One key absence - Yaya Toure's - shouldn't have a knock-on effect to the point that every area of the pitch suffers, but that's what happened against the Catalans. David Silva and Samir Nasri got sucked inside to help out, there was no width as a result, and the strikers received little service. The Ivorian will be back, but the danger is that things have gone stale psychologically.

Today is where Rodgers and Pellegrini earn their bacon. Where they trot out the old cliche about how it's not about getting knocked down, it's about getting back. And where they get their players to buy into that old coaching cliche. Or not.
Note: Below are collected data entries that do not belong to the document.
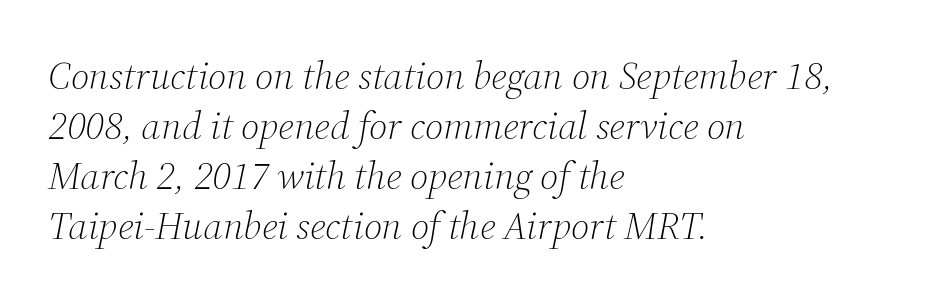
Q: Is the text bold? A: No.
Q: Is the text italic (slanted)? A: Yes, it leans right by about 12 degrees.
Q: Is the typeface a serif or a sans-serif typeface? A: Serif.
Q: Is the text underlined? A: No.
Q: How is the paragraph aligned? A: Left-aligned.
Q: Is the spacing between letters normal or unusually wide? A: Normal.
Q: Is the spacing between lines tight, normal or loose? A: Normal.
Q: Width (condensed, normal, or wide)? A: Normal.
Q: Stroke contrast? A: Medium.
Q: x-height? A: Medium.
Q: Monospaced? A: No.
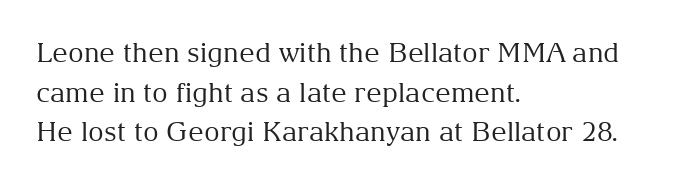
Notice how descenders clear the ascenders below comfortably — that's standard leading. Inter-character spacing is left at the font's built-in metrics. Bare-footed words on every line. The strokes are not fattened; the text isn't bold. A student would call this left alignment; a typographer would say flush left, rag right.
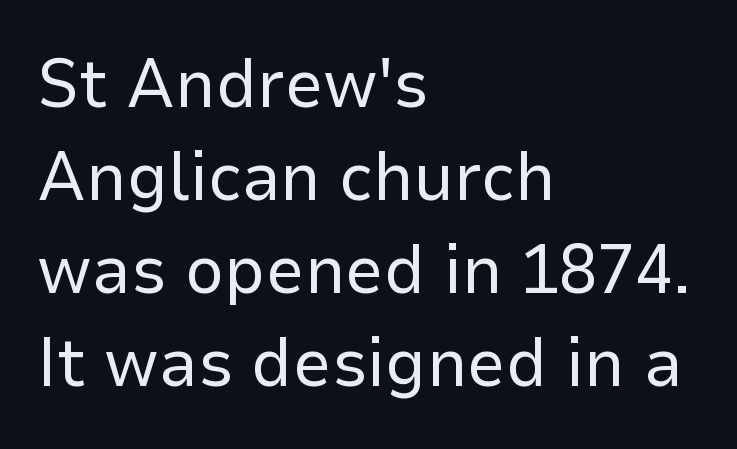
Q: Is the text bold? A: No.
Q: Is the text italic (slanted)? A: No, it is upright.
Q: Is the typeface a serif or a sans-serif typeface? A: Sans-serif.
Q: Is the text underlined? A: No.
Q: How is the paragraph aligned? A: Left-aligned.
Q: Is the spacing between letters normal or unusually wide? A: Normal.
Q: Is the spacing between lines tight, normal or loose? A: Normal.
Q: Width (condensed, normal, or wide)? A: Normal.
Q: Stroke contrast? A: Low.
Q: x-height? A: Medium.
Q: Monospaced? A: No.
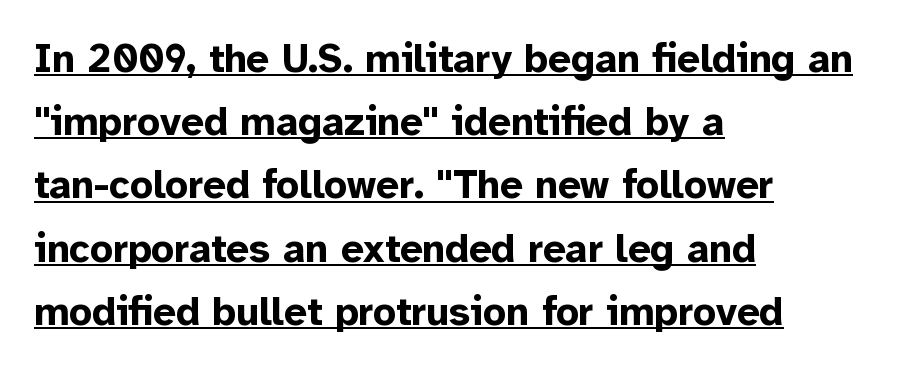
Nobody touched the tracking dial on this one. Underlined type. The letters carry no serifs — their stems end cleanly without finishing strokes. It's the straight-up-and-down kind of type.
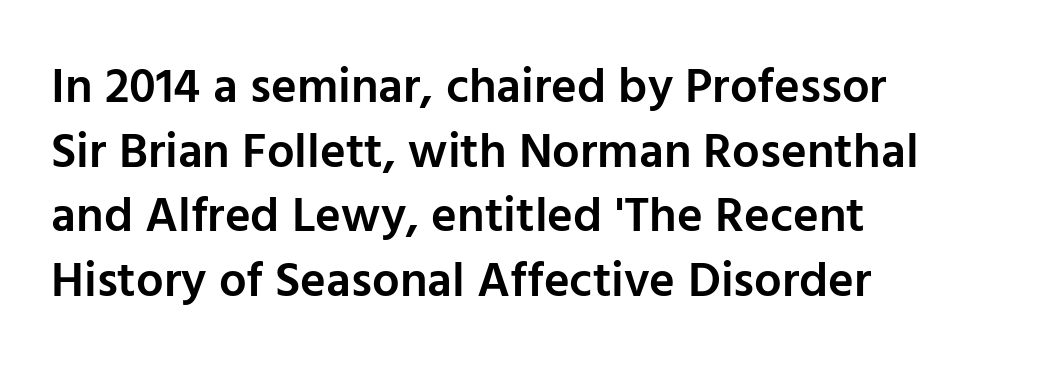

Beyond the fact that today's League Cup final offers Jose Mourinho a chance to end a trophyless drought that extends back two and half years (the 2012 Spanish SuperCup) the most interesting point for Chelsea will likely be how they cope without Nemanja Matic.

The big Serb is suspended after being sent off against Burnley for reacting to the Ashley Barnes whack. This season, Chelsea have lost three games in all competitions - Bradford in the FA Cup, Newcastle

and Tottenham in the Premier League. It's probably not a coincidence

that Matic was obvious on two of those occasions. Indeed, Chelsea's record when he hasn't started this season is two wins (against Bolton and Shrewsbury) and two defeats.

Ramires will likely come in for Matic alongside Cesc Fabrages.

Mourinho doesn't have the option of playing two holding midfielders as he's done in some big games (PSG, Liverpool, etc.) because John Obi Mikel is also unavailable. Chelsea will thus necessarily be more attack-minded, which means everyone will have to work that much harder. Think of it as a test of their - and Mourinho's - ability to adjust. And if things don't go Chelsea's way expect many more references to what happened against Burnley in the aftermath...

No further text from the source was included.